WHAT YOU HAVE TO DO:
Apart from the pictures, every entry must be retyped exactly.

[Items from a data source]
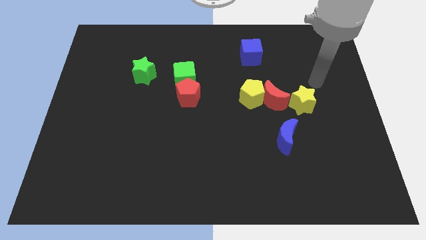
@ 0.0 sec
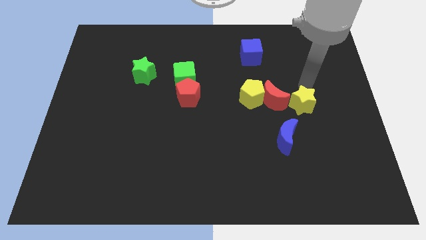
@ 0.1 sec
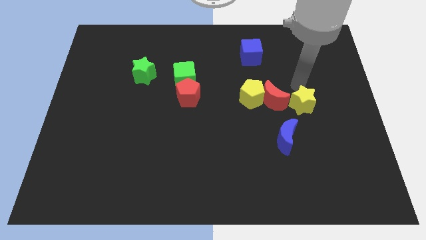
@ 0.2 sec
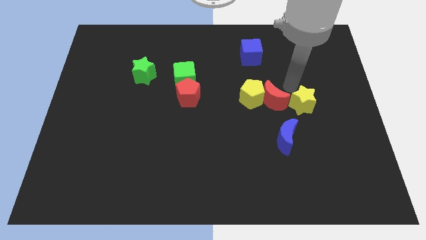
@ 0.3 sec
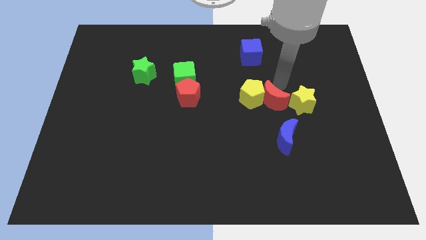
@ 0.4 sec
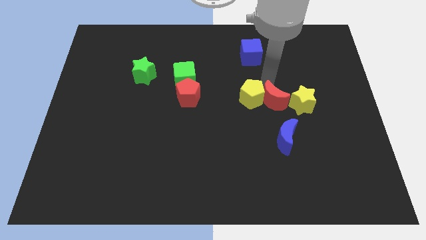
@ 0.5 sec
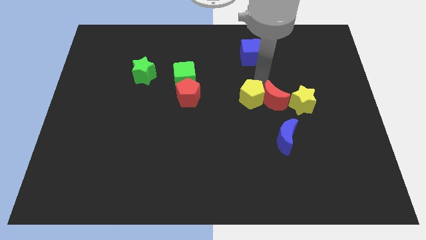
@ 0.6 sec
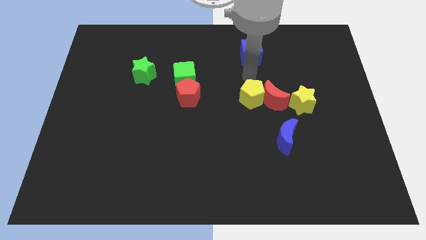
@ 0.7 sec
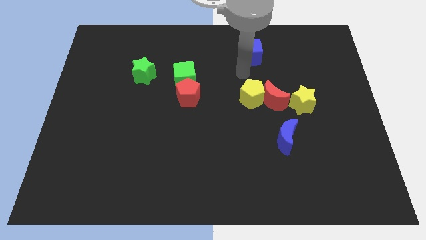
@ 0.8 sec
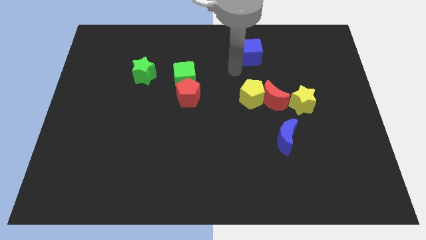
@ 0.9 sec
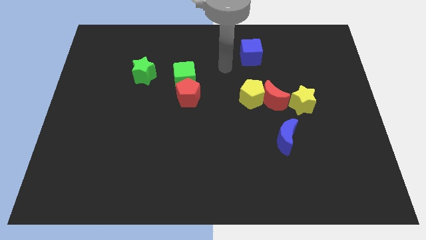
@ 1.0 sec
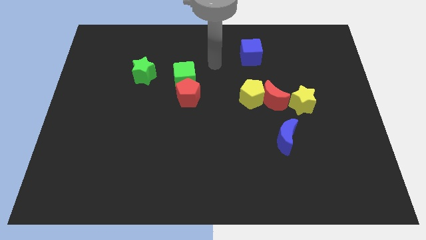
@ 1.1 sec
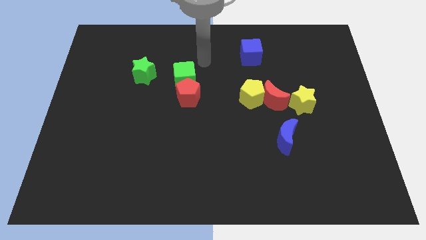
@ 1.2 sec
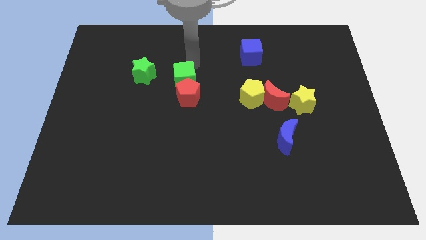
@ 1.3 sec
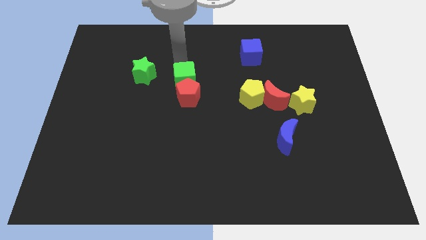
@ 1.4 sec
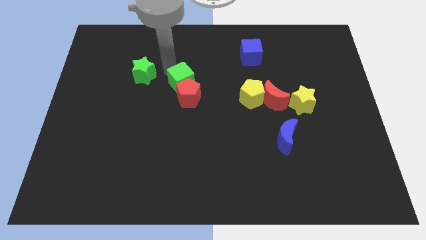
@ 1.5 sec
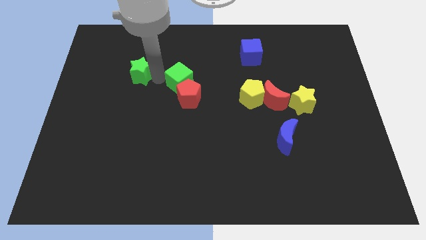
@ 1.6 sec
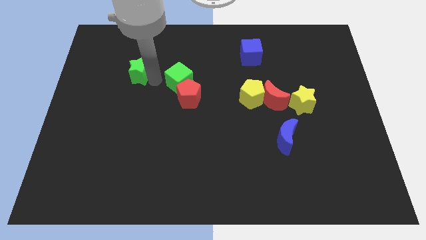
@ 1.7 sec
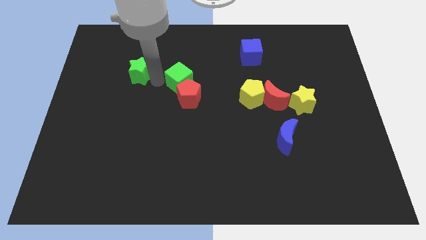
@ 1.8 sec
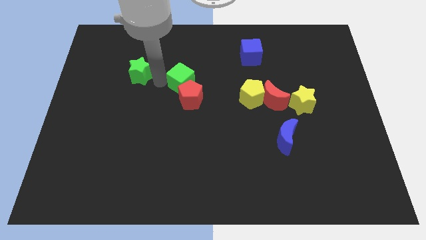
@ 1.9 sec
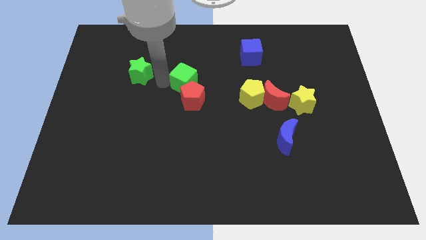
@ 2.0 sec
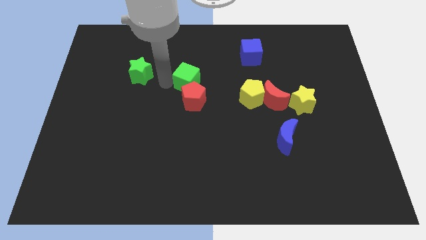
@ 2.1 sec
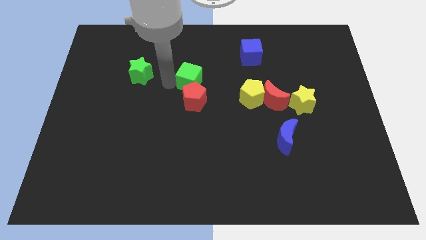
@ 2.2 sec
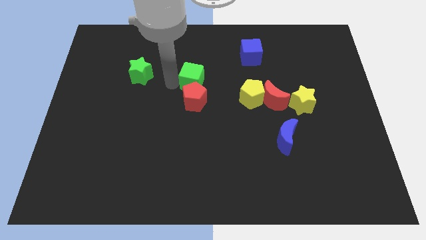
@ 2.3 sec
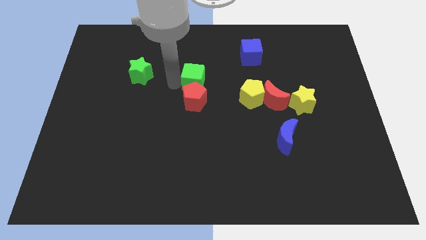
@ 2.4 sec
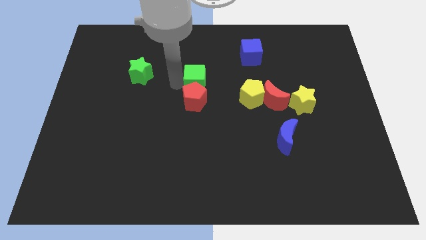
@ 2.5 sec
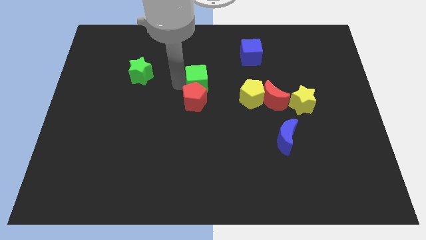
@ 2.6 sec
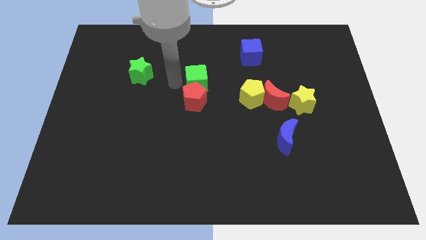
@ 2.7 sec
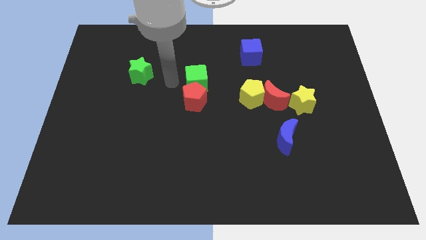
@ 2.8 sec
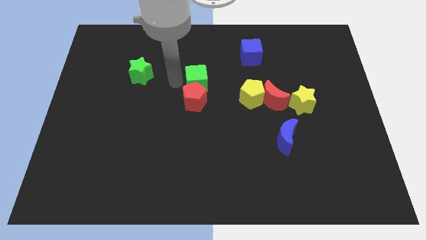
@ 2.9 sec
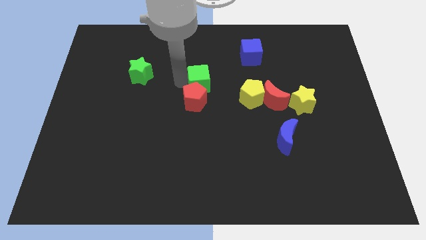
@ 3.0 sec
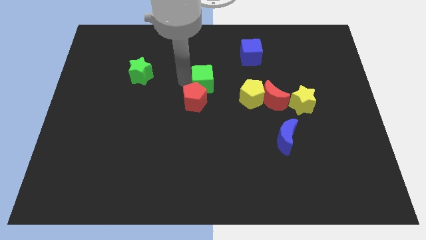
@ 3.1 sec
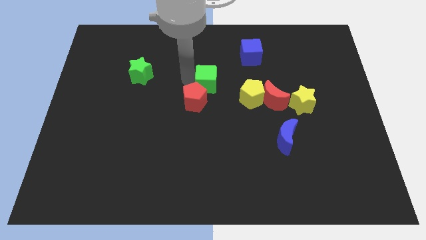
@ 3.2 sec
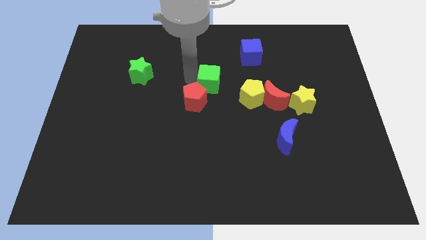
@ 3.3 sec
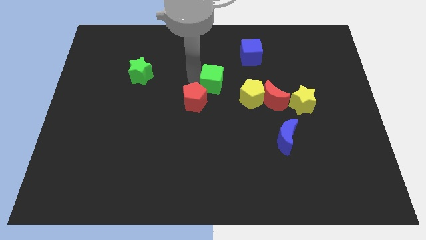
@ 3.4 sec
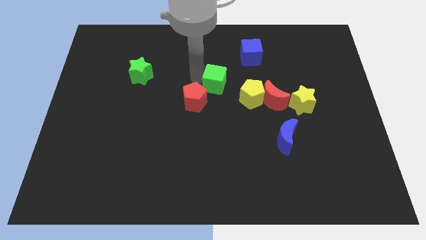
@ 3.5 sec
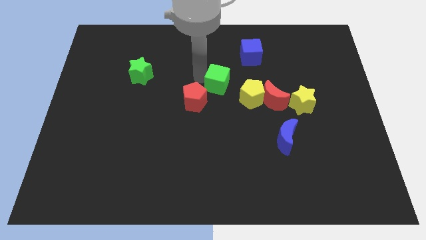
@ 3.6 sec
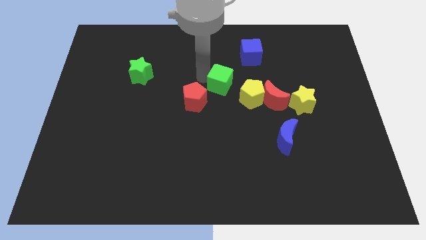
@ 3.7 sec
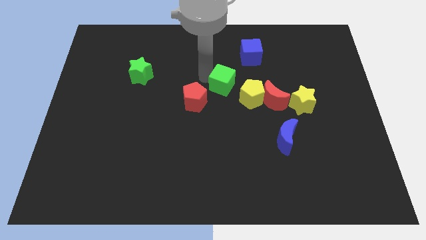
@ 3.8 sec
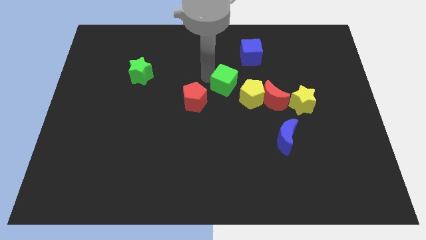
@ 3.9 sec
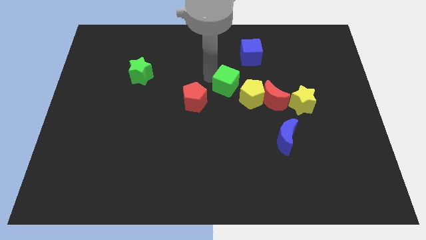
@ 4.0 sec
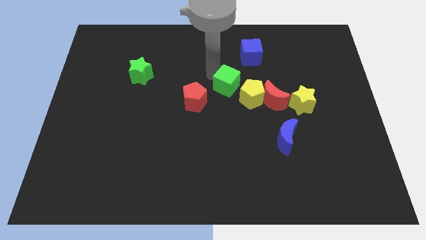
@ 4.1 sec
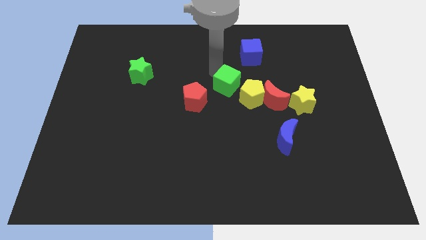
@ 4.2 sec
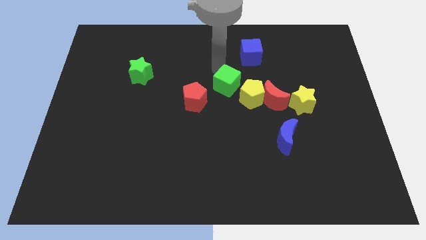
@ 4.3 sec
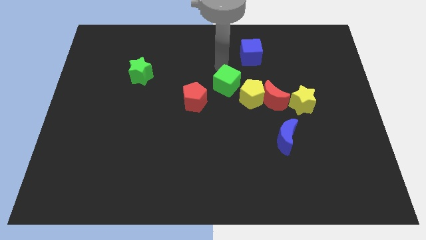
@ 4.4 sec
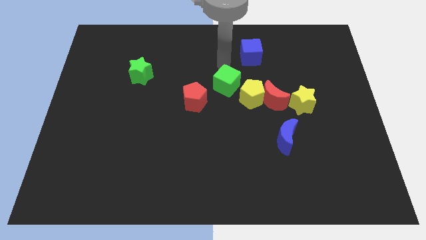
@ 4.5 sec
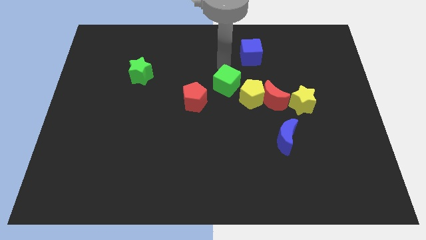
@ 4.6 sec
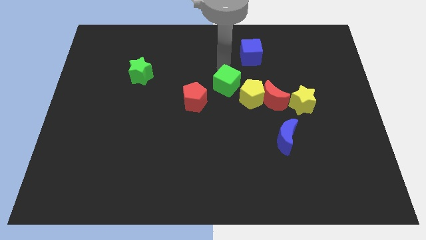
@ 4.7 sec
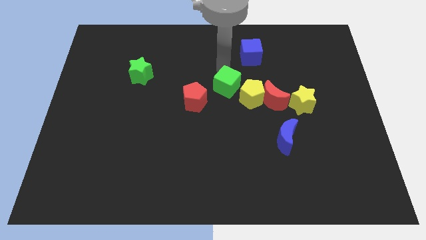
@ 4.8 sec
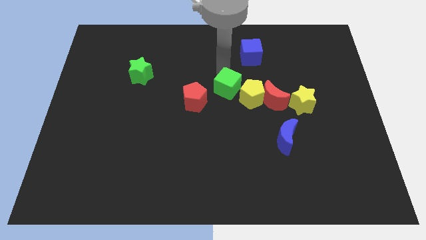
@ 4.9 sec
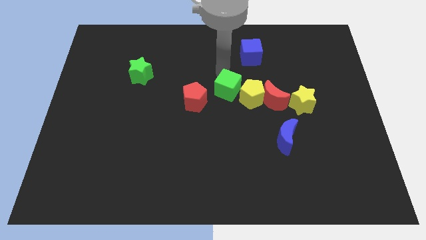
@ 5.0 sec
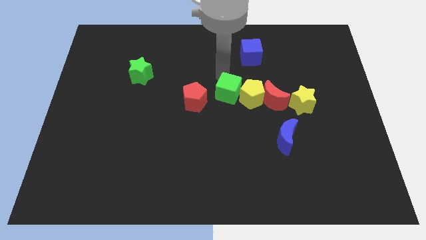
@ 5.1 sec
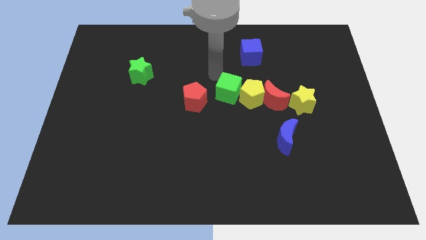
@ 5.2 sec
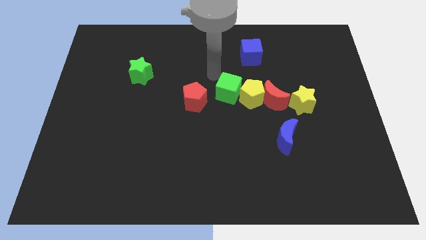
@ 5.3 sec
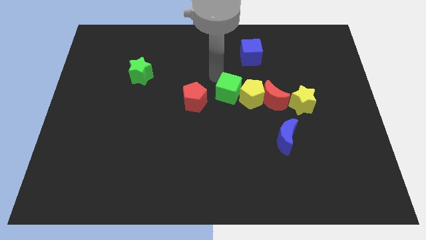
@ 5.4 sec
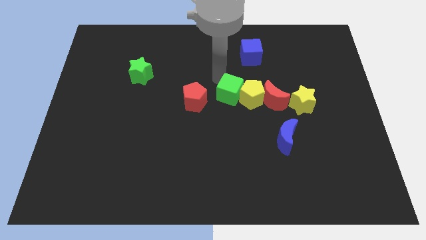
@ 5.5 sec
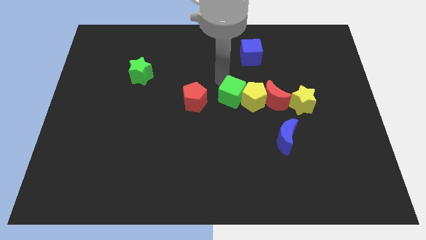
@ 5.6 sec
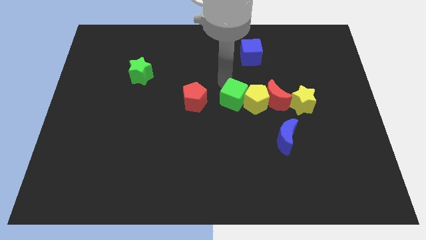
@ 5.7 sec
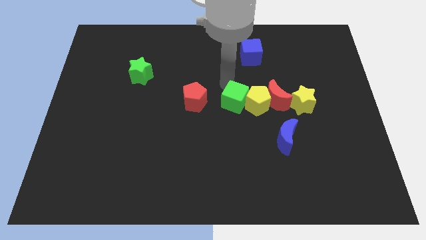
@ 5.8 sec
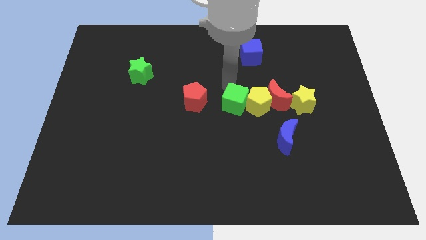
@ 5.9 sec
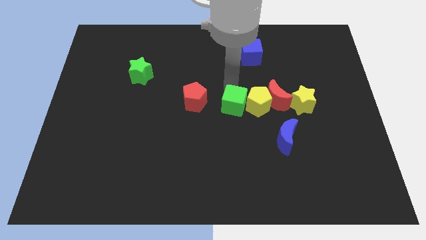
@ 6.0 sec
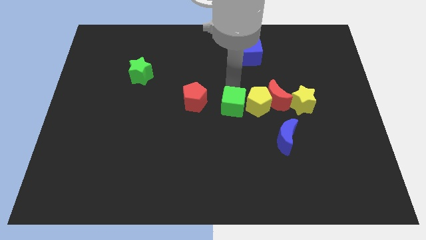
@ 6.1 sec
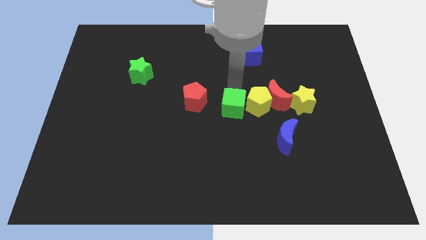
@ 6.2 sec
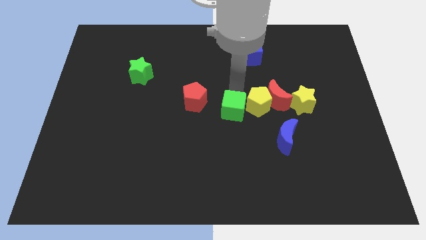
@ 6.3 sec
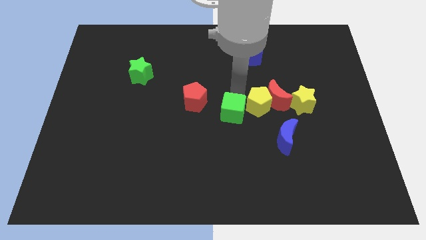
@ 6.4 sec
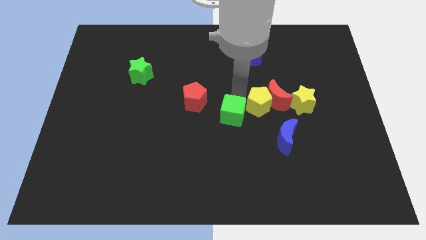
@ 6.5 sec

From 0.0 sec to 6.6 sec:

ANSWER TO THE EXERCISE:
@ 0.0 sec
@ 0.1 sec
@ 0.2 sec
@ 0.3 sec
@ 0.4 sec
@ 0.5 sec
@ 0.6 sec
@ 0.7 sec
@ 0.8 sec
@ 0.9 sec
@ 1.0 sec
@ 1.1 sec
@ 1.2 sec
@ 1.3 sec
@ 1.4 sec
@ 1.5 sec
@ 1.6 sec
@ 1.7 sec
@ 1.8 sec
@ 1.9 sec
@ 2.0 sec
@ 2.1 sec
@ 2.2 sec
@ 2.3 sec
@ 2.4 sec
@ 2.5 sec
@ 2.6 sec
@ 2.7 sec
@ 2.8 sec
@ 2.9 sec
@ 3.0 sec
@ 3.1 sec
@ 3.2 sec
@ 3.3 sec
@ 3.4 sec
@ 3.5 sec
@ 3.6 sec
@ 3.7 sec
@ 3.8 sec
@ 3.9 sec
@ 4.0 sec
@ 4.1 sec
@ 4.2 sec
@ 4.3 sec
@ 4.4 sec
@ 4.5 sec
@ 4.6 sec
@ 4.7 sec
@ 4.8 sec
@ 4.9 sec
@ 5.0 sec
@ 5.1 sec
@ 5.2 sec
@ 5.3 sec
@ 5.4 sec
@ 5.5 sec
@ 5.6 sec
@ 5.7 sec
@ 5.8 sec
@ 5.9 sec
@ 6.0 sec
@ 6.1 sec
@ 6.2 sec
@ 6.3 sec
@ 6.4 sec
@ 6.5 sec

From 0.0 sec to 6.6 sec:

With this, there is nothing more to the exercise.